Зачем призрак смотрит на жизни? Зачем ищет не существующих для него ощущений. Почему ищет истории из жизни других…
Хотелось толпы. Хотелось исчезнуть, расплескав свою душу и души других. Люди… Больше. Больше.
Они выделялись из множества демонстрантов. Они стояли молча, в обнимку, внимая выкрикам товарищей справа, слева, сзади… Они жаждали справедливости, единомышленников, находя только друг друга. Но здесь, сейчас им казалось, что вот она – жизнь. Здесь такие же, как они. Яркие борцы против насилия, убийства животных. На их щеках были заботливо нарисованы кресты, а на футболках страдальческие мордочки крыс. Повсюду были плакаты. Демонстранты двигались в сторону унылого научного центра развития фармацевтической промышленности, который, как они предполагали, для своих опытов использовал животных.

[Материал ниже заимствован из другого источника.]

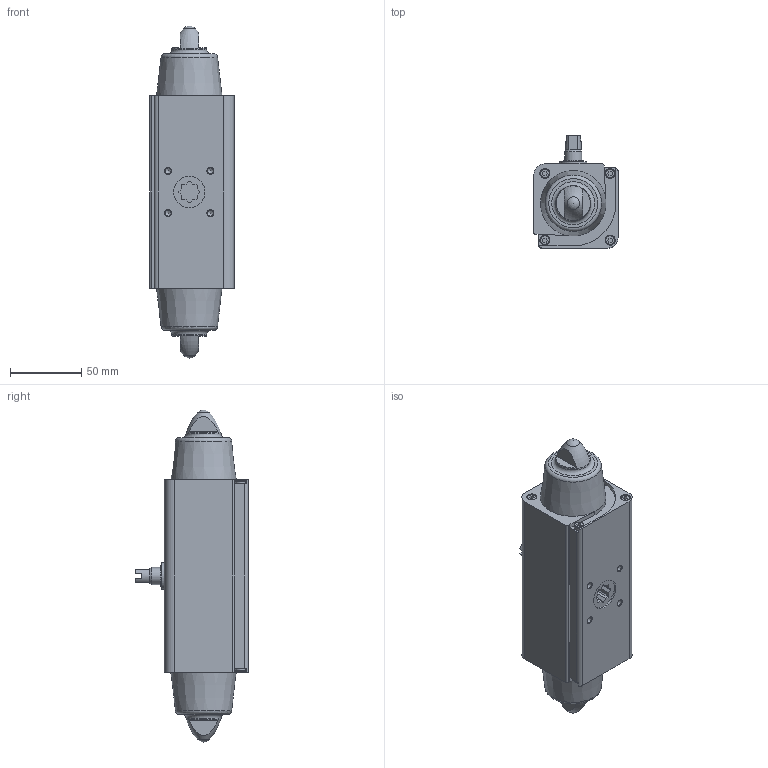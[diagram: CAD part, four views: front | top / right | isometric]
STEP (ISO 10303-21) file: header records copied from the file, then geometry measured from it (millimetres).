
FILE_DESCRIPTION(/* description */ ('STEP AP214'),/* implementation_level */ '2;1');
FILE_NAME(/* name */ '8030614_DAPS-0015-090-RS4-F04-T4',/* time_stamp */ '2024-08-13T15:21:44+02:00',/* author */ ('License CC BY-ND 4.0'),/* organization */ ('CADENAS'),/* preprocessor_version */ 'ST-DEVELOPER v19.3',/* originating_system */ 'PARTsolutions',/* authorisation */ ' ');
FILE_SCHEMA (('AUTOMOTIVE_DESIGN {1 0 10303 214 3 1 1}'));
Length unit declared in the file: millimetre
Products named in the file (3): 8030614 DAPS-0015-090-RS4-F04-T4---0; 8030614 DAPS-0015-090-RS4-F04-T4---(1); 8030614 DAPS-0015-090-RS4-F04-T4---(2)
Assembly tree (2 placements, depth 2):
  8030614 DAPS-0015-090-RS4-F04-T4---0
    8030614 DAPS-0015-090-RS4-F04-T4---(1)
    8030614 DAPS-0015-090-RS4-F04-T4---(2)
Bounding box: 59.2 x 79.2 x 233.3 mm (x, y, z)
Volume: 548081 mm3; surface area: 59542.4 mm2
Topology: 2 solids, 2 shells, 241 faces, 596 edges, 381 vertices
Faces by surface type: plane 138, cylinder 51, cone 34, torus 16, sphere 2
Full cylindrical faces by diameter (mm): 4.134 x12, 4.917 x1, 7 x8, 8.566 x2, 12 x1, 14.1 x1, 19 x2, 22 x2
Entity records: 6514 total; most frequent: CARTESIAN_POINT 1145, DIRECTION 1116, ORIENTED_EDGE 950, EDGE_CURVE 475, AXIS2_PLACEMENT_3D 405, FACE_BOUND 363, VERTEX_POINT 358, EDGE_LOOP 348

Как-то совсем неожиданно где-то что-то взорвалось. Оглушающе, пугающе ревела взрывная волна, рассыпаясь по нервным клеткам взволнованных демонстрантов, побежавших в разные стороны. А они… они, сконфуженные и непонимающие происходящего, пытались осознать свое место в центрифуге создавшейся паники. Он тянул ее в наиболее перспективную сторону движения, а у нее так не  вовремя развязался шнурок, и она споткнулась. Он пытался оттащить, поднять ее. Сделать хоть что-нибудь. Но его толкнули, заставив его ноги безжалостно подкоситься. Он упал прямо на нее, закрывая от потока каблуков.
Все это продолжалось около 10 минут. Площадь перед научным центром опустела. Только полицейские машины стояли мертвым полукругом. И они… прямо посреди грязной площади.

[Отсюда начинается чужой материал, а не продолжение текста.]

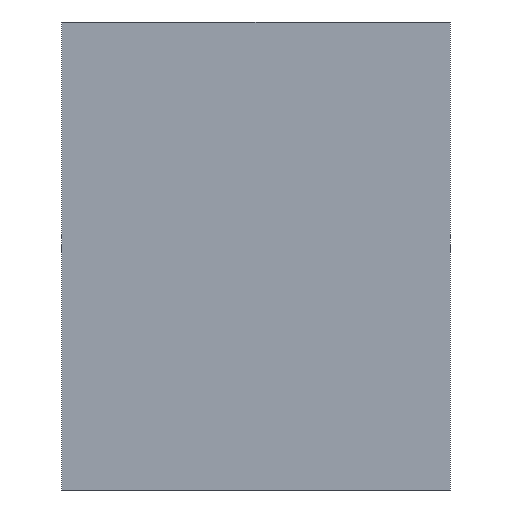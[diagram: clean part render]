
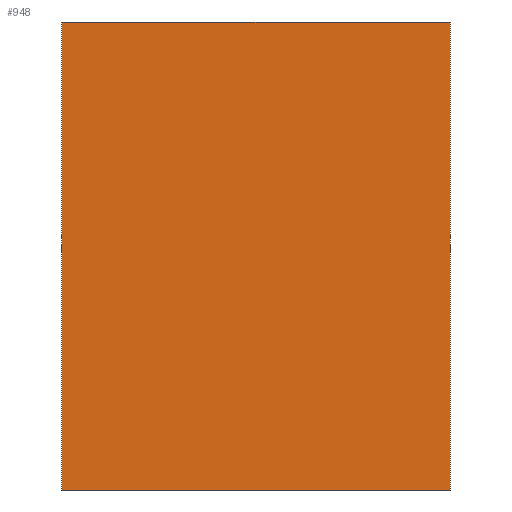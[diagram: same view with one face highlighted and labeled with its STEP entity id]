
A CAD part, front view. The second image highlights one B-rep face of the part: STEP entity #948.
In plain terms, the highlighted planar face has unit normal (0, -1, 0).
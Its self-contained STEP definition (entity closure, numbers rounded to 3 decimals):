
#81=LINE('',#1650,#153);
#85=LINE('',#1656,#157);
#86=LINE('',#1659,#158);
#88=LINE('',#1662,#160);
#153=VECTOR('',#1327,10.);
#157=VECTOR('',#1333,10.);
#158=VECTOR('',#1336,10.);
#160=VECTOR('',#1340,10.);
#190=PLANE('',#1056);
#291=FACE_OUTER_BOUND('',#371,.T.);
#371=EDGE_LOOP('',(#878,#879,#880,#881));
#506=VERTEX_POINT('',#1648);
#507=VERTEX_POINT('',#1649);
#508=VERTEX_POINT('',#1654);
#509=VERTEX_POINT('',#1658);
#626=EDGE_CURVE('',#506,#507,#81,.T.);
#630=EDGE_CURVE('',#507,#508,#85,.T.);
#631=EDGE_CURVE('',#508,#509,#86,.T.);
#633=EDGE_CURVE('',#509,#506,#88,.T.);
#878=ORIENTED_EDGE('',*,*,#633,.T.);
#879=ORIENTED_EDGE('',*,*,#626,.T.);
#880=ORIENTED_EDGE('',*,*,#630,.T.);
#881=ORIENTED_EDGE('',*,*,#631,.T.);
#948=ADVANCED_FACE('',(#291),#190,.F.);
#1056=AXIS2_PLACEMENT_3D('',#1663,#1341,#1342);
#1327=DIRECTION('',(0.,0.,-1.));
#1333=DIRECTION('',(1.,0.,0.));
#1336=DIRECTION('',(0.,0.,1.));
#1340=DIRECTION('',(-1.,0.,0.));
#1341=DIRECTION('center_axis',(0.,1.,0.));
#1342=DIRECTION('ref_axis',(0.,0.,1.));
#1648=CARTESIAN_POINT('',(-98.,0.,0.));
#1649=CARTESIAN_POINT('',(-98.,0.,-118.));
#1650=CARTESIAN_POINT('',(-98.,0.,0.));
#1654=CARTESIAN_POINT('',(0.,0.,-118.));
#1656=CARTESIAN_POINT('',(-98.,0.,-118.));
#1658=CARTESIAN_POINT('',(0.,0.,0.));
#1659=CARTESIAN_POINT('',(0.,0.,-118.));
#1662=CARTESIAN_POINT('',(0.,0.,0.));
#1663=CARTESIAN_POINT('Origin',(-49.,0.,-59.));

Хотелось стать третьим в их любовной идиллии. Хотелось обнять их двоих, ушедших дальше всех на пути к освободительному движению против смерти невинных.
Только призрак не может никого обнять… согреть… рассмешить или хотя бы заставить еле заметно улыбнуться. Или призраку все равно? Да, наверное… ему уже ничего не нужно. Ничего. У призрака нет родителей, нет возраста и пристрастий. Есть только чувства, едва уловимые, под слоем объективного холодного равнодушия. Родители… как неразрывна связь отцов, детей. Судьба сама решает, сама дарит тебе лучших друзей или самых ненавистных врагов.

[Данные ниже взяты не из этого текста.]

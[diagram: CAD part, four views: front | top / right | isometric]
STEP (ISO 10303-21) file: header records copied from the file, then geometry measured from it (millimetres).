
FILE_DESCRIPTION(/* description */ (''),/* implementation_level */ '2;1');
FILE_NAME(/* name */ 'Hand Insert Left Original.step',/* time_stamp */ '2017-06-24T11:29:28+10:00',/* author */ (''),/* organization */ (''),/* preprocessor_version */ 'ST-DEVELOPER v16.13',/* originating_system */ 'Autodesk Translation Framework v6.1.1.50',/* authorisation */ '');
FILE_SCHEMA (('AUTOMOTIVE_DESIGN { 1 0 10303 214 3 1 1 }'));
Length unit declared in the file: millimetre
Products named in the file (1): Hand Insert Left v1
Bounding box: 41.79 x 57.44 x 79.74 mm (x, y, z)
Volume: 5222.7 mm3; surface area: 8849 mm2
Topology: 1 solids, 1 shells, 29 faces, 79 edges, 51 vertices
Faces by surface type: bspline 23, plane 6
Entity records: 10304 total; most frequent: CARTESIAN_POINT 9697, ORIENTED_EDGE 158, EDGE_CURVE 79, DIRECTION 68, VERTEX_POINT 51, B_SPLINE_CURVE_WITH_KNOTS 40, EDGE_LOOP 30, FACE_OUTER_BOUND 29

Он смотрел на край моста. На границу, на которую сейчас шагнул. Мост над небольшой рекой. Каменный и старый, будто бы скрипевший под легкостью юного тела, зная о его замыслах. Мост не раз провожал, не раз всплывал в мыслях отчаявшегося человека. И вот теперь он. Такой молодой, в серой рубашке и темно-синем пуловере, уютных джинсах отца. Темные волосы почти до плеч и изящные пальцы рук. Он музыкально смотрел в избранную неизбежность, нажимая на си диез минор он тяжело дышал и не хотел…
И прыгнул. Он очень красиво летел, будто подпрыгнув на надувном батуте, но вниз.  По-юношески изящно и наивно. Секунды полета перед холодным душем. Перед последним душем.
Гул моторчика и удивленное лицо рыболова-любителя. Ах! Не получилось… крепкая лодка внезапно обнаружилась и выплыла ровно к тому месту, которое он выбрал себе последним в жизни…
Какая нелепость..! Больно… ломит в ногах и слезы вытекают из глаз. Нелепое подрагивание нижней губы, и причитания, возгласы какого-то небритого рыболова.
И легкая улыбка того, кто наблюдал за ними.
Проносились дни умирающего неба. Как густой смог вселялась грусть в сердца людей. Страшно подумать… что рядом сидит призрак. А ты не думай, не думай. Как он. Смотри, заглядывай, прислушивайся…

Он лежал в коме около месяца. Он был в параллелях жизней тела и души. Его лицо смягчилось, несколько морщин разгладились. Может быть, он обрел гармонию? И не будет больше питаться в дешевом кафе? Он не остался бы таким, как прежде… Но он не хотел… не хотел уходить… и тогда его решили отключить.
Дочь, держа в руках котенка, плакала.
-Его больше не будет?..
-Никогда…
А он уже стоял рядом и обнимал холодными бесцветными руками жену за плечи. По ней пробежала дрожь.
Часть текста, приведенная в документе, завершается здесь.